Une scène inhumaine survenue dans un hôpital de la commune de la N’sele à kinkole dans la ville de Kinshasa, où un médecin violent frappait sans raison une femme lors de son accouchement, continue de susciter un tollé général dans le pays. Après les réactions de certains membres du gouvernement congolais, la première dame n’est pas restée indifférente.
Consternée par cet acte obscène, la première Dame Denise Nyakeru Tshisekedi a dénoncé l’atteinte à la dignité humaine et violation des droits fondamentaux d’une femme en situation de grande vulnérabilité.
« J’ai vu, à travers les nombreuses publications dans lesquelles j’ai été identifiée, les images insoutenables d’une femme violentée dans un lieu censé lui offrir des soins. De tels faits ne peuvent laisser personne indifférent.
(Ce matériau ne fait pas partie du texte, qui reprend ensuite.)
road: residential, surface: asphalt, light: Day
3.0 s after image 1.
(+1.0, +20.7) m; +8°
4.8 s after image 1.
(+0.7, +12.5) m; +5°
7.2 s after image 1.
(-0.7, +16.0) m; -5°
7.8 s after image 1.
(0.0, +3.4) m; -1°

Je les condamne avec la plus grande fermeté, tant ils portent atteinte à la dignité humaine et violent les droits les plus fondamentaux d’une femme en situation de grande vulnérabilité », a réagi l’épouse du président de la République Félix Tshisekedi, sur ses réseaux sociaux.
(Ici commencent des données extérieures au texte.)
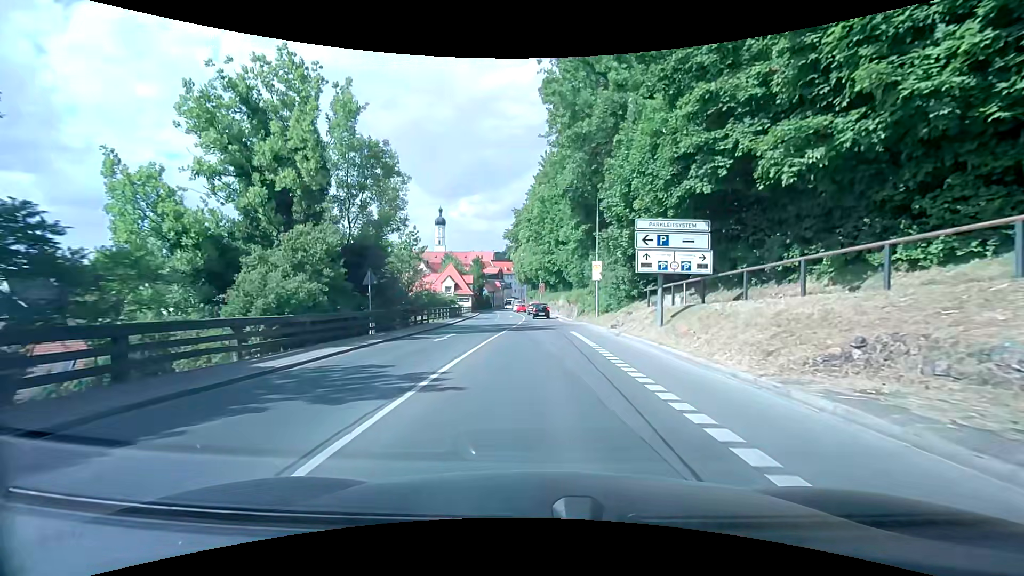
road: secondary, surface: asphalt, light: Day
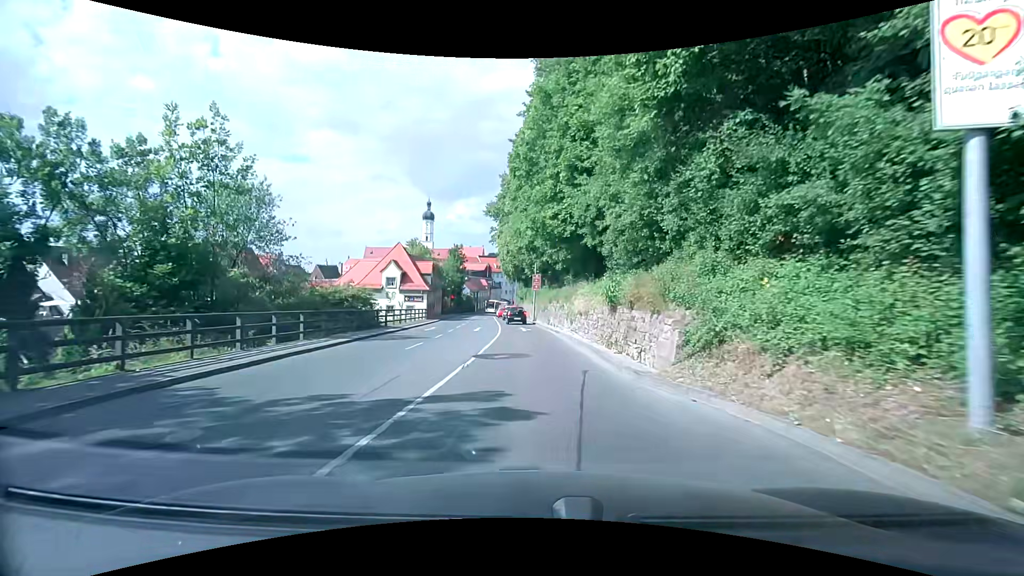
(+0.5, +28.7) m; +1°
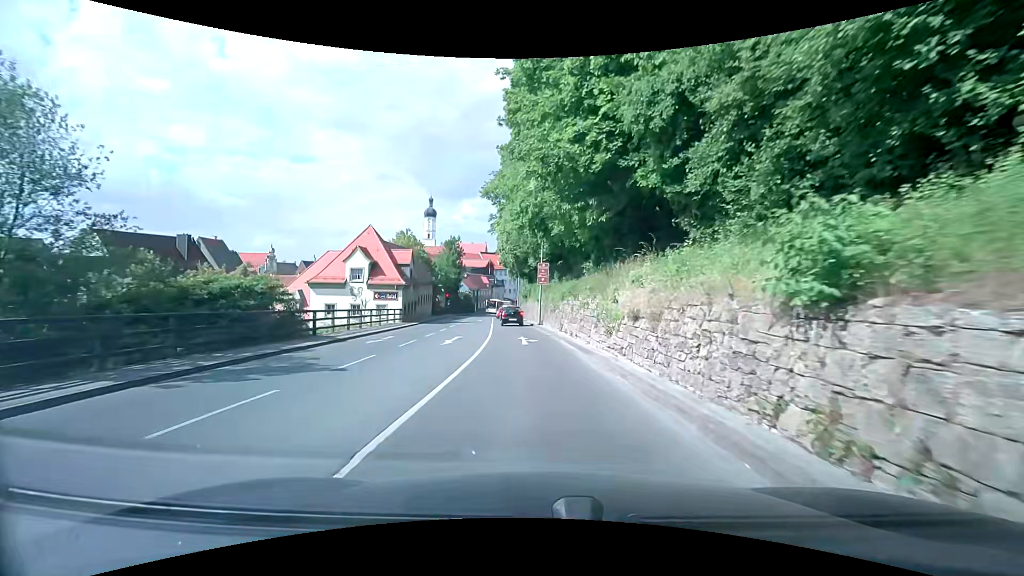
(0.0, +11.3) m; 0°
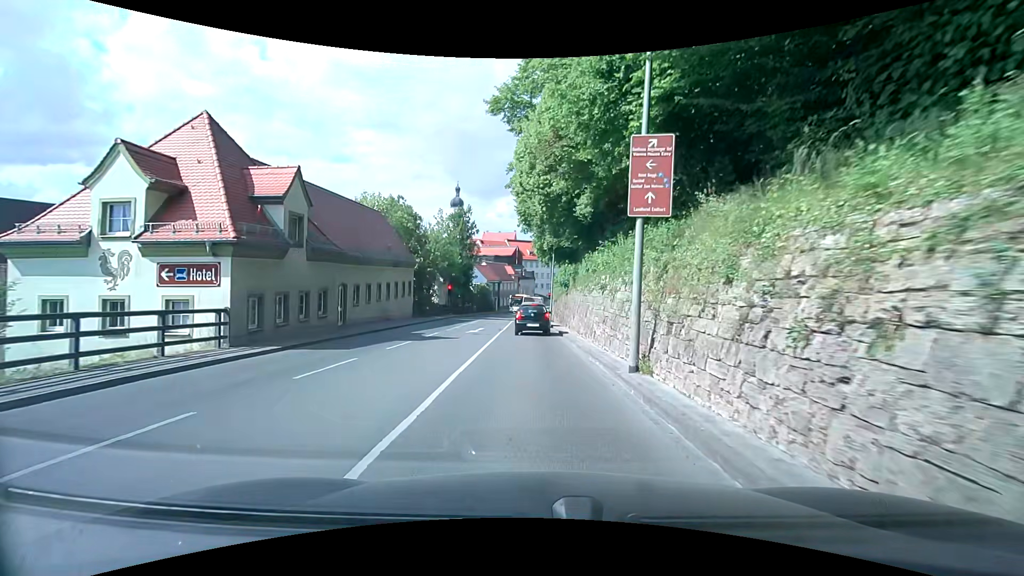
(-0.8, +25.9) m; -5°
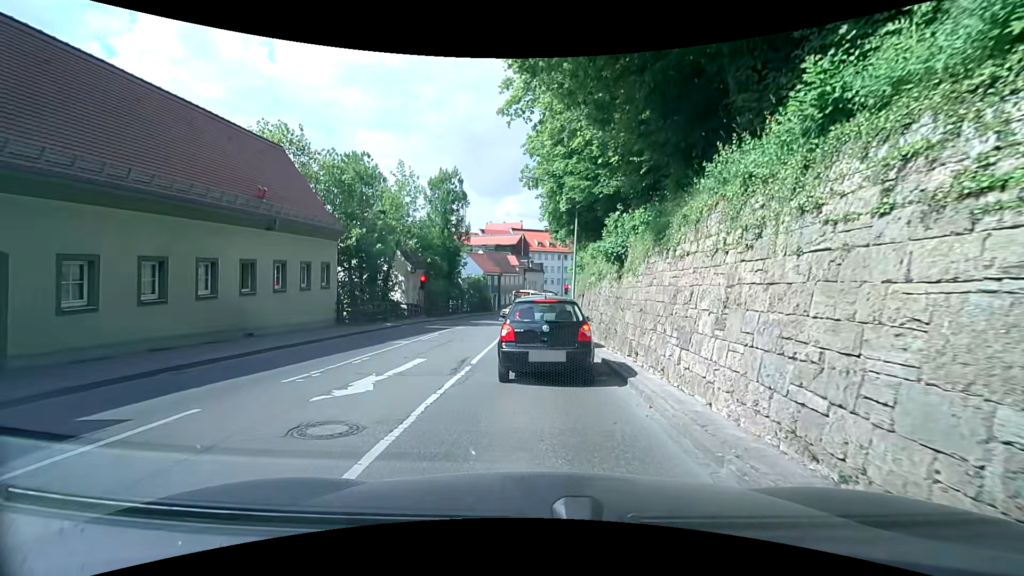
(+0.1, +17.4) m; -1°
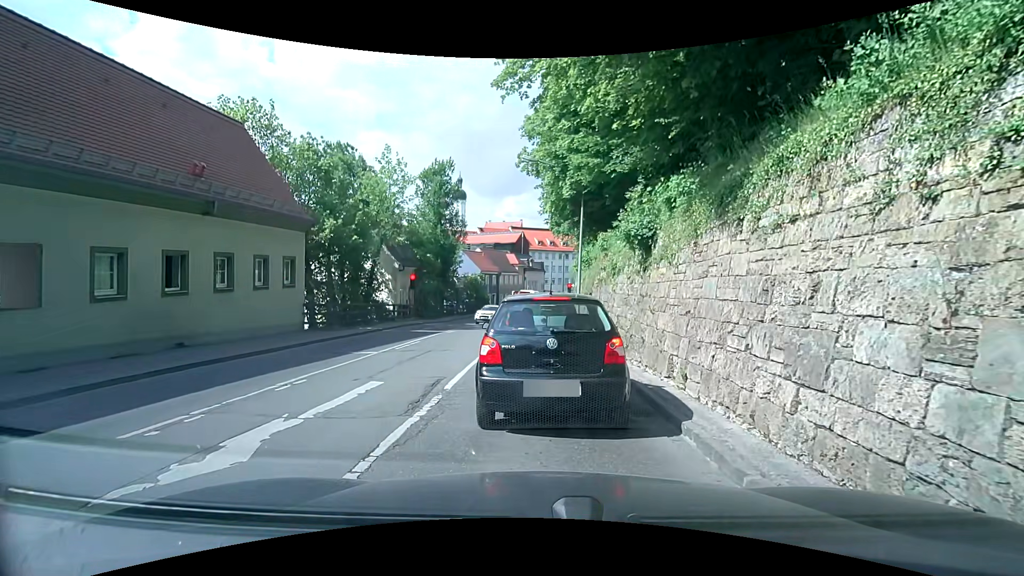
(0.0, +3.3) m; -2°
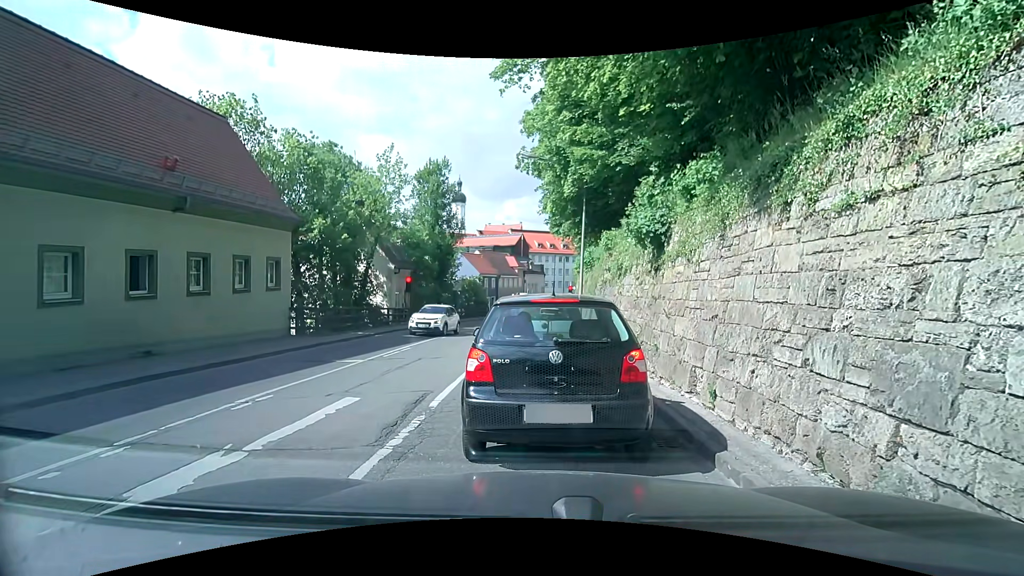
(0.0, +1.1) m; +2°
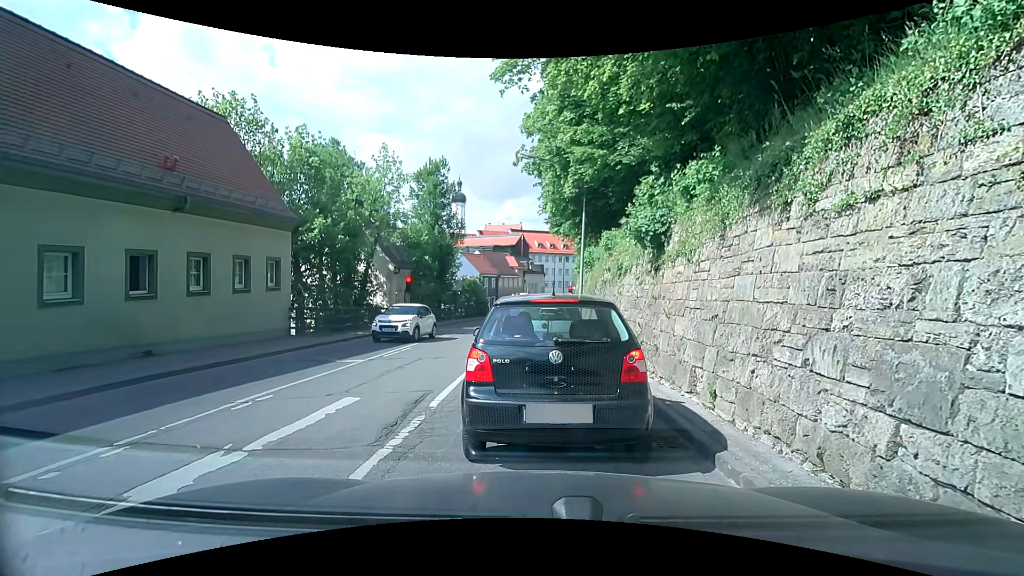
(0.0, 0.0) m; 0°

Face à la gravité de ces actes contraires à la déontologie médicale, la Première dame de la RDC a plaidé depuis Washington, où elle séjourne, auprès des autorités congolaises — notamment le ministère de la Santé, de la Justice et des Droits humains — afin que toute la lumière soit faite sur cette affaire et que la victime bénéficie d’une prise en charge appropriée.
« Que les responsabilités soient établies et qu’une réponse rapide, rigoureuse et exemplaire soit apportée », a-t-elle exigé.
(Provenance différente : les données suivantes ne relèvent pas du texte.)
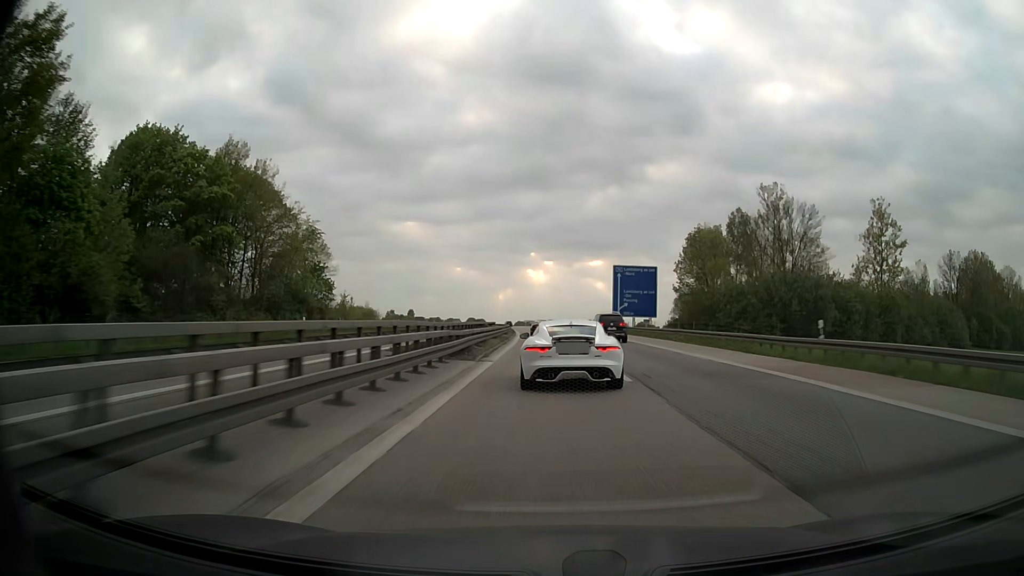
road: motorway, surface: asphalt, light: Day
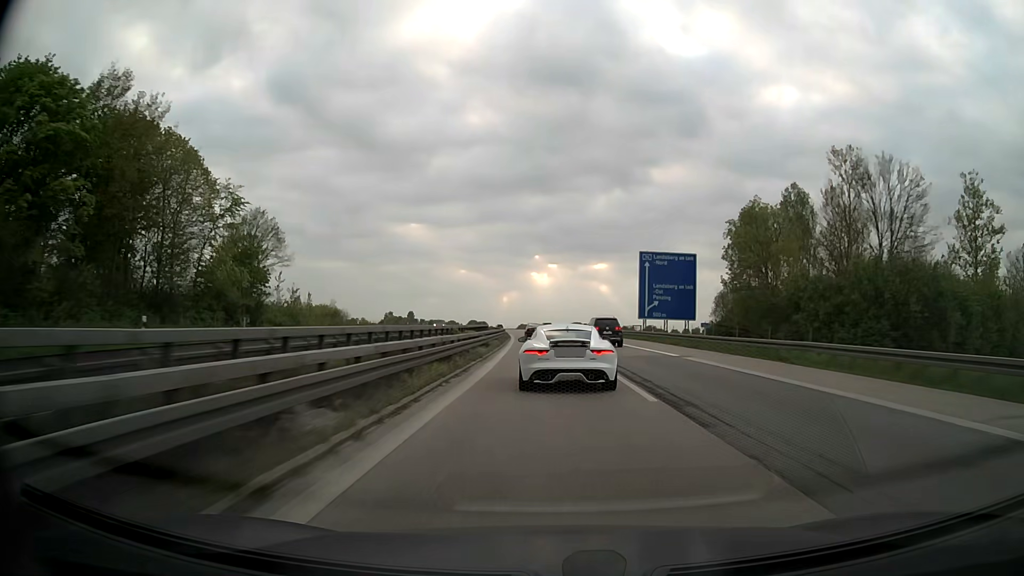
(0.0, +20.8) m; 0°
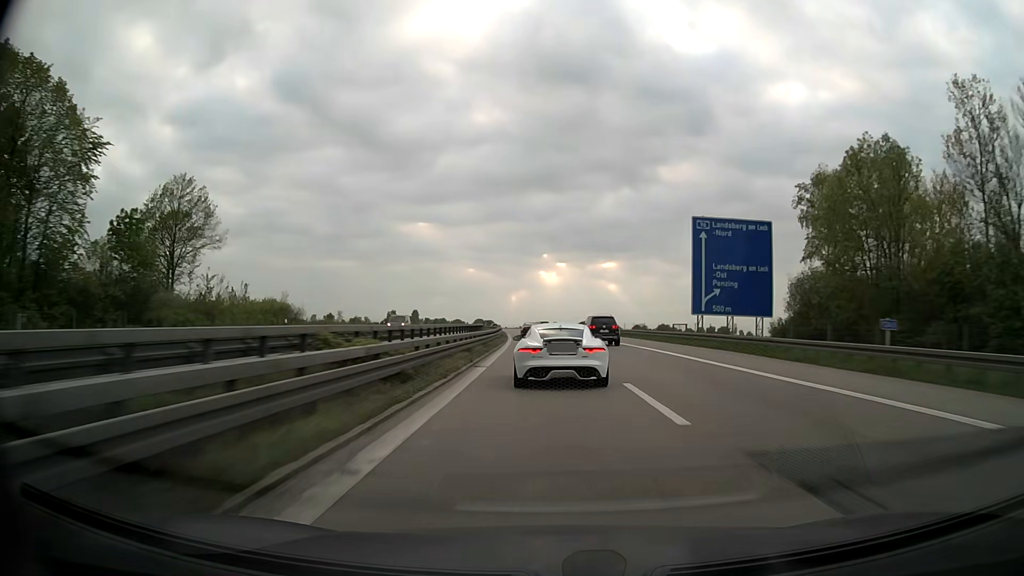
(-0.1, +20.9) m; -1°
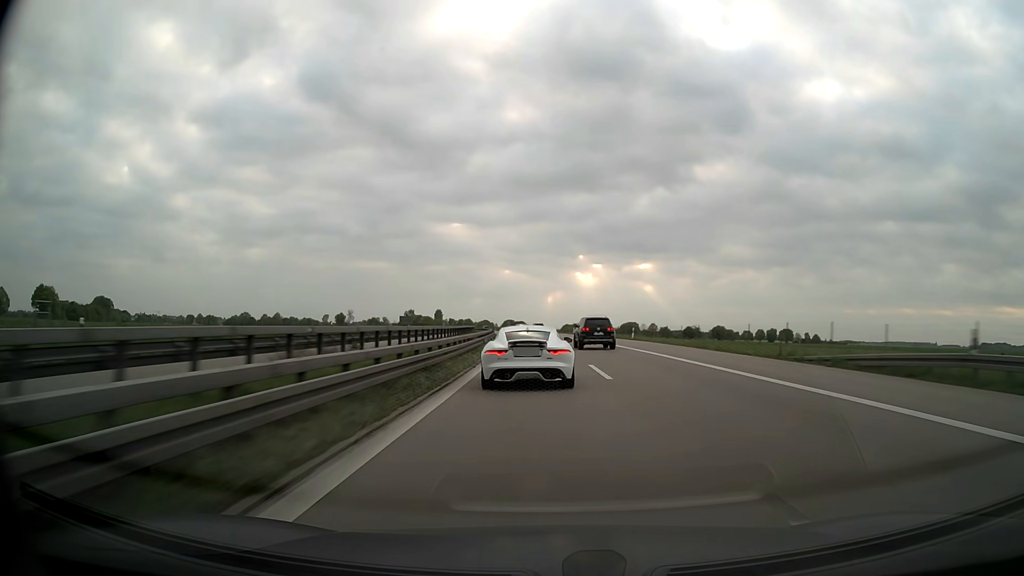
(-1.6, +64.1) m; -3°
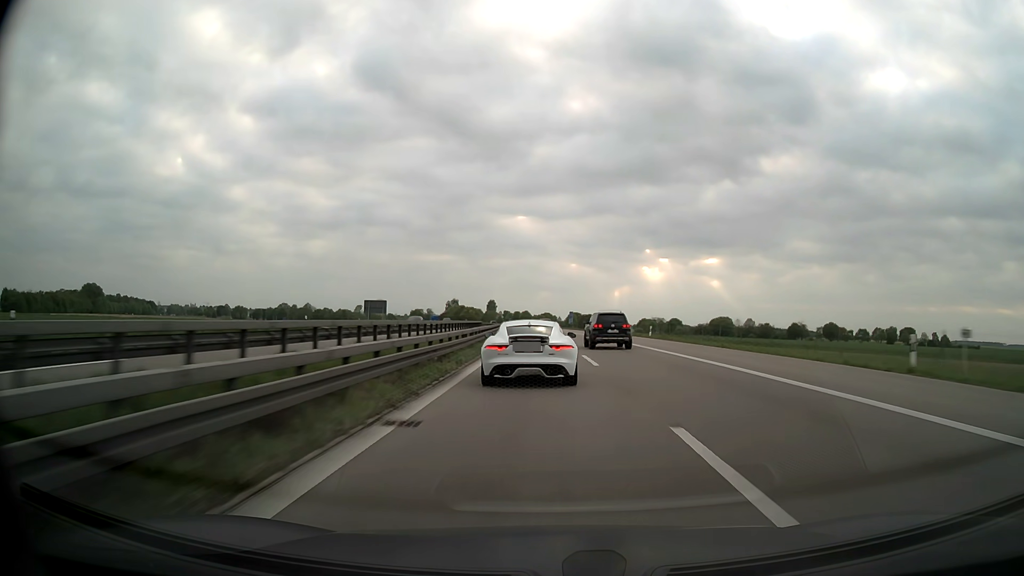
(-3.9, +85.9) m; -5°
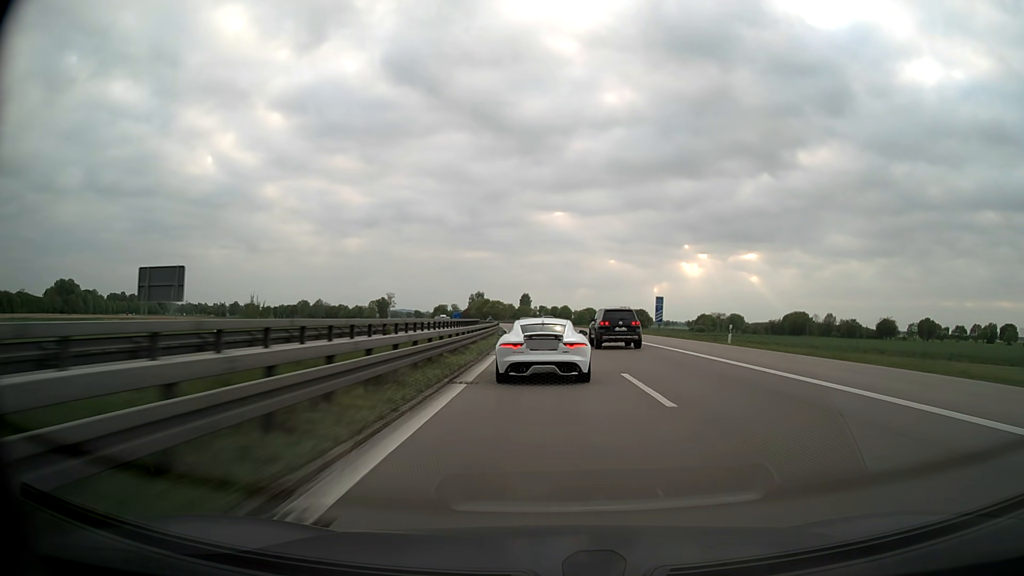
(-1.9, +63.7) m; -3°
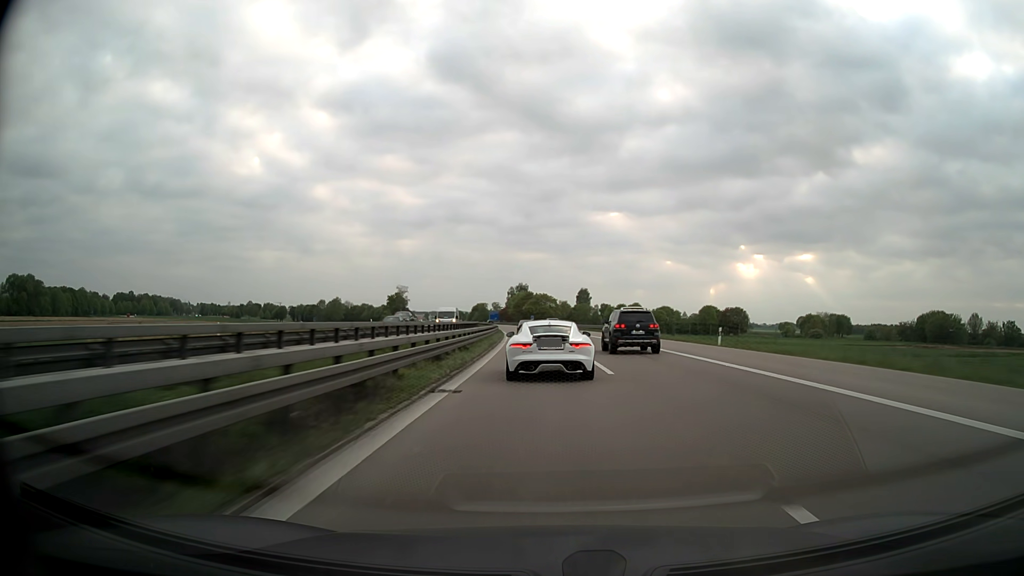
(-3.3, +83.2) m; -5°
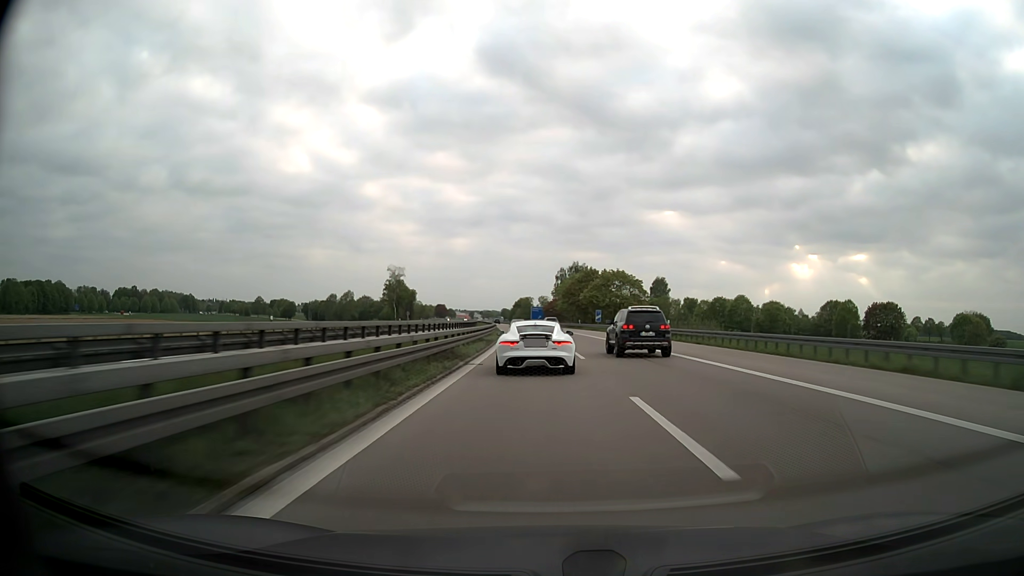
(-3.3, +83.0) m; -5°
(0, +10) (0, +20) (0, +30) (-1, +40) (-1, +50) (-2, +60) (-2, +70) (-3, +80) (-3, +90) (-4, +100) m

À l’instar de Denise Nyakeru, plusieurs d’autres personnalités publiques et gouvernants n’ont pas resté bouche bée, à l’image du patron de la Santé publique, Samuel-Roger Kamba, qui a annoncé des mesures lourdes « immédiates » contre l’auteur de ces actes, dont : son arrestation et sa radiation dans l’ordre des médecins en RDC.
De son côté, le ministre d’État, ministre de la Justice et Garde des Sceaux, Guillaume Ngefa, a réagi fermement à la diffusion d’une vidéo jugée d’une extrême gravité, montrant une femme victime de violences dans une structure de soins à Kinshasa, précisément à Kinkole.